With his innate talent for playing boorish, narcissistic blusterers, it was only a matter of time before Berry would find the perfect vehicle for one of his comic creations to take center stage. That time came with "Toast of London," a series that the actor thought could torpedo a portion of his career.

What is Toast of London all about?

"Toast of London" is Berry's finest creation to date. Co-writing the series with Arthur Matthews ("Father Ted," "Black Books"), he plays to his strengths as Steven Toast, a cantankerous, arrogant third-rate actor whose dogged belief in his own talent is far outweighed by the evident disaster of his career. Each episode finds him shuttling around between his useless agent Jane Plough (Doon Mackichan) and his ill-fated acting gigs, which usually end in excruciating embarrassment and/or a fatality.

His only regular work is doing voice over gigs for a small studio, where he is routinely mocked by two hipster sound engineers, Danny Bear (Tim Downie) and Clem Fandango (Shazad Latif). As much as he hates them, that's nothing compared to the rage he feels towards his acting rival and arch-nemesis Ray "Bloody" Purchase, a rampant homophobe whose wife Toast is having an affair with.

While Berry's characters are often two-dimensional thunderers, "Toast" gives him a little more room for character development. Here we find an angry, deluded man adrift in the modern world, typified by his retro sartorial style and complete obliviousness to any culture, pop or otherwise, beyond around 1985. It's played with infectious silliness, relying on repetitious catchphrases, gleeful vulgarity, and outlandish situations, but it is still possible to detect sadness in Toast. While Sanchez, Bainbridge, and Reynholm had a complete lack of self-awareness, Toast's middle-aged crankiness suggests that he knows he's a terrible actor and an even worse person, which feeds into his cycle of awful behavior.

As with any cult comedy, fans will argue endlessly over the best lines and scenes. Personally, I love Berry's knack for mispronouncing a word or putting the stress on the wrong syllable, as in the epic voice-over moment when he is presented with three music acts he has never heard of. Those voice over scenes are probably the most universally loved parts the whole show, but Berry thought they might scupper his real-life voice acting career.

The voice acting scenes in Toast

Whether it's being encouraged to "have fun" with lines like "Fire the nuclear weapons!" for an automated submarine system, or getting totally flummoxed by how to correctly deliver a single word, "Yes," Toast often finds himself totally exasperated by the demands of the client. It doesn't help that he's so incredibly out of touch and that the sound engineers can barely suppress their contempt for him. It goes both ways, but his antagonistic working relationship with Danny Bear and Clem Fandango is where we get to see Toast at his most vulnerable.

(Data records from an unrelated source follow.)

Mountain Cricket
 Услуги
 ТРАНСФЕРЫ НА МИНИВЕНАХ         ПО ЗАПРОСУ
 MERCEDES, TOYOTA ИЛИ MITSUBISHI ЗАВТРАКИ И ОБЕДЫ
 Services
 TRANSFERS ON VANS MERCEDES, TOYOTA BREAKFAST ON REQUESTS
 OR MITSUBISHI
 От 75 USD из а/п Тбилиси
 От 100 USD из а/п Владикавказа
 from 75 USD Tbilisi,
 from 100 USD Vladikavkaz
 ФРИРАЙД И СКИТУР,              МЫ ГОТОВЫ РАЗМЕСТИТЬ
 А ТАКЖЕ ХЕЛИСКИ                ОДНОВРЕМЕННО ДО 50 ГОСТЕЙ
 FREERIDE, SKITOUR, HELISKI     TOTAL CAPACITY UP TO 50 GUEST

Their smug attitude towards Toast isn't really born out of anything personal; they just see him as some amazingly uncool old bloke. As a result, they end up acting like naughty schoolboys whenever he's at the mic, openly sniggering and making fun of him. They have nothing in common and they may as well be talking in different languages, and I always feel sorry for Toast in those scenes. Even if he is, predictably, a total arse towards them in return.

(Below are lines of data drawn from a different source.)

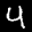
Label: 4
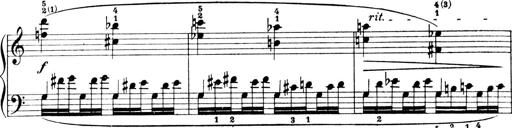
Title: 4 Sonatines
Composer: Max Reger
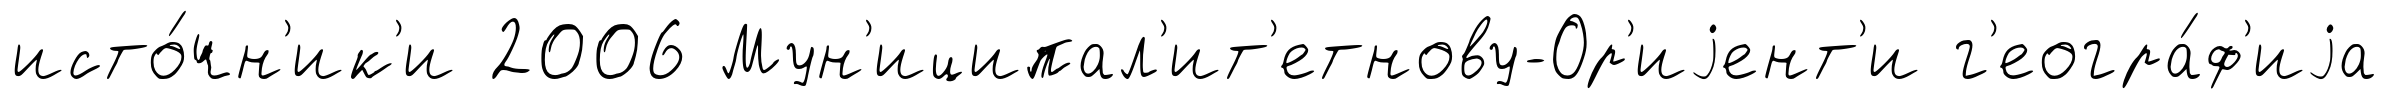
исто́чн'ик'и 2006 Мун'иципал'ит'етнову-Ор'иjент'и г'еогра́ф'иjа
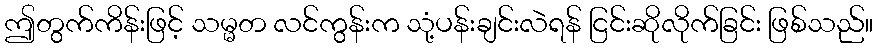
ဤတွက်ကိန်းဖြင့် သမ္မတ လင်ကွန်းက သုံ့ပန်းချင်းလဲရန် ငြင်းဆိုလိုက်ခြင်း ဖြစ်သည်။
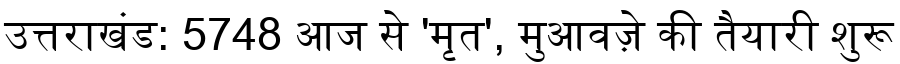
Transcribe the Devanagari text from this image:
उत्तराखंड: 5748 आज से 'मृत', मुआवज़े की तैयारी शुरू
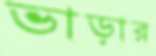
ভাড়ার
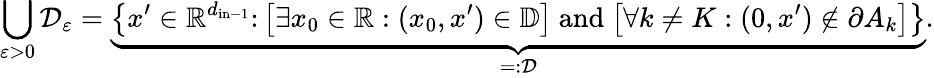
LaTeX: \bigcup_{\varepsilon>0}\mathcal D_{\varepsilon}=\underbrace{\bigl\{ x^{\prime}\in{\mathbb R}^{d_{\mathrm{in}-1}}\colon\bigl[\exists x_{0}\in{\mathbb R}:(x_{0},x^{\prime})\in\mathbb D\bigr]\mathrm{~and~}\bigl[\forall k\not=K:(0,x^{\prime})\not\in\partial A_{k}\bigr]\bigr\} }_{=\colon\mathcal D}.
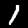
Label: 1
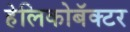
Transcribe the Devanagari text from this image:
हेलिकोबॅक्टर
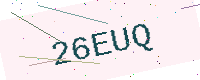
Text: 26EUQ
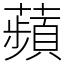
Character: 蘋
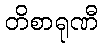
တိစာရုဏီ
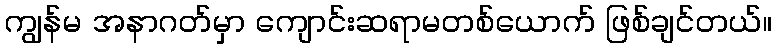
ကျွန်မ အနာဂတ်မှာ ကျောင်းဆရာမတစ်ယောက် ဖြစ်ချင်တယ်။
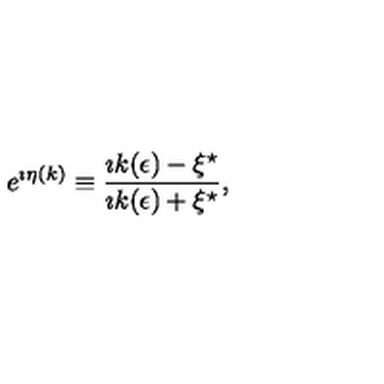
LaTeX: e ^ { \imath \eta ( k ) } \equiv { \frac { \imath k ( \epsilon ) - \xi ^ { \star } } { \imath k ( \epsilon ) + \xi ^ { \star } } } ,
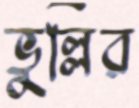
ভুল্লির
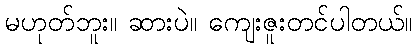
မဟုတ်ဘူး။ ဆားပဲ။ ကျေးဇူးတင်ပါတယ်။
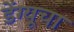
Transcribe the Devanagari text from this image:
डेंग्यूचा
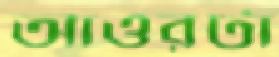
আওরটা
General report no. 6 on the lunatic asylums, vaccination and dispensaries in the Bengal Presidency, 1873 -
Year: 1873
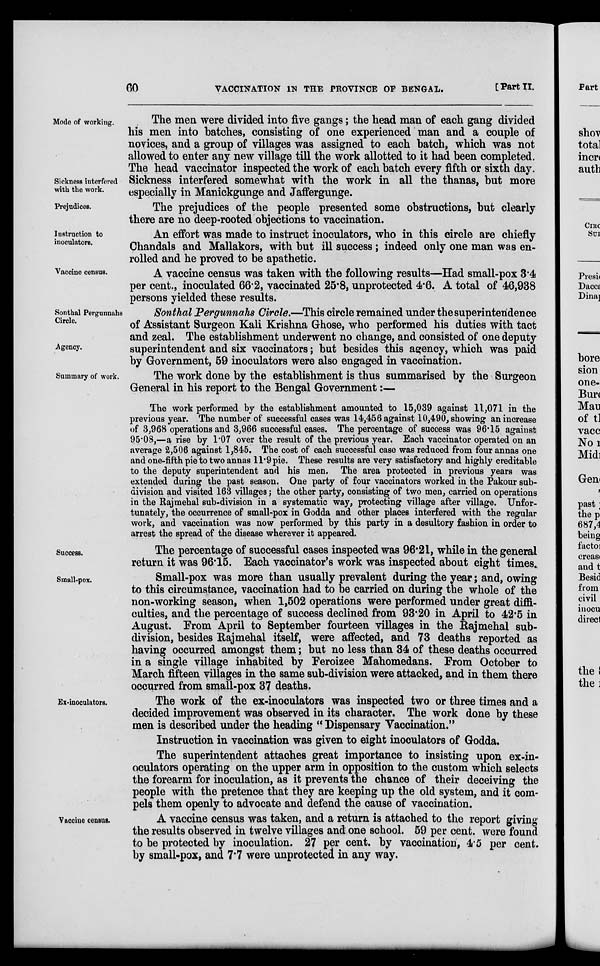
60
VACCINATION IN THE PROVINCE OF BENGAL.
[Part II.
Mode of working.
Sickness interfered
with the work.
The men were divided into five gangs; the head man of each gang divided
his men into batches, consisting of one experienced man and a couple of
novices, and a group of villages was assigned to each batch, which was not
allowed to enter any new village till the work allotted to it had been completed.
The head vaccinator inspected the work of each batch every fifth or sixth day.
Sickness interfered somewhat with the work in all the thanas, but more
especially in Manickgunge and Jaffergunge.
Prejudices.
The prejudices of the people presented some obstructions, but clearly
there are no deep-rooted objections to vaccination.
Instruction to
inoculators.
An effort was made to instruct inoculators, who in this circle are chiefly
Chandals and Mallakors, with but ill success ; indeed only one man was en-
rolled and he proved to be apathetic.
Vaccine census.
A vaccine census was taken with the following results—Had small-pox 3.4
per cent., inoculated 66.2, vaccinated 25.8, unprotected 4.6. A total of 46,938
persons yielded these results.
Sonthal Pergunnahs
Circle.
Agency.
Sonthal Pergunnahs Circle.—This circle remained under the superintendence
of Assistant Surgeon Kali Krishna Ghose, who performed his duties with tact
and zeal. The establishment underwent no change, and consisted of one deputy
superintendent and six vaccinators; but besides this agency, which was paid
by Government, 59 inoculators were also engaged in vaccination.
Summary of work.
The work done by the establishment is thus summarised by the Surgeon
General in his report to the Bengal Government:—
The work performed by the establishment amounted to 15,039 against 11,071 in the
previous year. The number of successful cases was 14,456 against 10,490, showing an increase
of 3,968 operations and 3,966 successful cases. The percentage of success was 96.15 against
95.08,—a rise by 1.07 over the result of the previous year. Each vaccinator operated on an
average 2,506 against 1,845. The cost of each successful case was reduced from four annas one
and one-fifth pie to two annas 11.9 pie. These results are very satisfactory and highly creditable
to the deputy superintendent and his men. The area protected in previous years was
extended during the past season. One party of four vaccinators worked in the Pakour sub-
division and visited 163 villages; the other party, consisting of two men, carried on operations
in the Rajmehal sub-division in a systematic way, protecting village after village. Unfor-
tunately, the occurrence of small-pox in Godda and other places interfered with the regular
work, and vaccination was now performed by this party in a desultory fashion in order to
arrest the spread of the disease wherever it appeared.
Success.
The percentage of successful cases inspected was 96.21, while in the general
return it was 96.15. Each vaccinator's work was inspected about eight times.
Small-pox.
Small-pox was more than usually prevalent during the year; and, owing
to this circumstance, vaccination had to be carried on during the whole of the
non-working season, when 1,502 operations were performed under great diffi-
culties, and the percentage of success declined from 93.20 in April to 42.5 in
August. From April to September fourteen villages in the Rajmehal sub-
division, besides Rajmehal itself, were affected, and 73 deaths reported as
having occurred amongst them; but no less than 34 of these deaths occurred
in a single village inhabited by Feroizee Mahomedans. From October to
March fifteen villages in the same sub-division were attacked, and in them there
occurred from small-pox 37 deaths.
Ex-inoculators.
The work of the ex-inoculators was inspected two or three times and a
decided improvement was observed in its character. The work done by these
men is described under the heading " Dispensary Vaccination."
Instruction in vaccination was given to eight inoculators of Godda.
The superintendent attaches great importance to insisting upon ex-in-
oculators operating on the upper arm in opposition to the custom which selects
the forearm for inoculation, as it prevents the chance of their deceiving the
people with the pretence that they are keeping up the old system, and it com-
pels them openly to advocate and defend the cause of vaccination.
Vaccine census.
A vaccine census was taken, and a return is attached to the report giving
the results observed in twelve villages and one school. 59 per cent. were found
to be protected by inoculation. 27 per cent. by vaccination, 4.5 per cent.
by small-pox, and 7.7 were unprotected in any way.
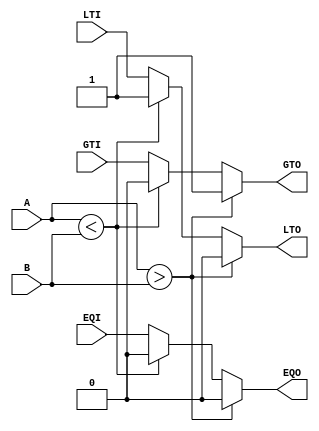
module Problem4(
    input A,
    input B,
    input GTI,
    input LTI,
    input EQI,
    output reg GTO,
    output reg LTO,
    output reg EQO
    );
    
    always @ (A or B or GTI or LTI or EQI) // sensitivity list
    begin
        if ( A > B )
            begin
            GTO = 1;
            LTO = 0;
            EQO = 0;
            end
        else if ( A < B ) // Change value to Less than
            begin
            LTO = 1;
            GTO = 0;
            EQO = 0;
            end
        else    // Stay the Same
            begin
            EQO = EQI;
            GTO = GTI;
            LTO = LTI;
            end
    end
    
    
    
endmodule
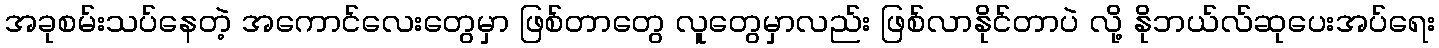
အခုစမ်းသပ်နေတဲ့ အကောင်လေးတွေမှာ ဖြစ်တာတွေ လူတွေမှာလည်း ဖြစ်လာနိုင်တာပဲ လို့ နိုဘယ်လ်ဆုပေးအပ်ရေး

These scenes are such a farcical send-up of the voice over business that Berry feared it might end his side gigs in that department (via The Guardian):

"I'm amazed I still get the work... I thought I'd satirised the job into oblivion as Toast. But that only made them want me more. Weird."

His BAFTA award for his performance in the first series certainly won't have done him any harm in that respect. Despite his growing fame, he has continued with the voice acting, lending his distinctive tones to TV adverts, inserts for radio stations, and playing roles in  "Moominvalley" and "The Book of Boba Fett." No doubt we'll be seeing more Matt Berry in the future, and hearing him, too.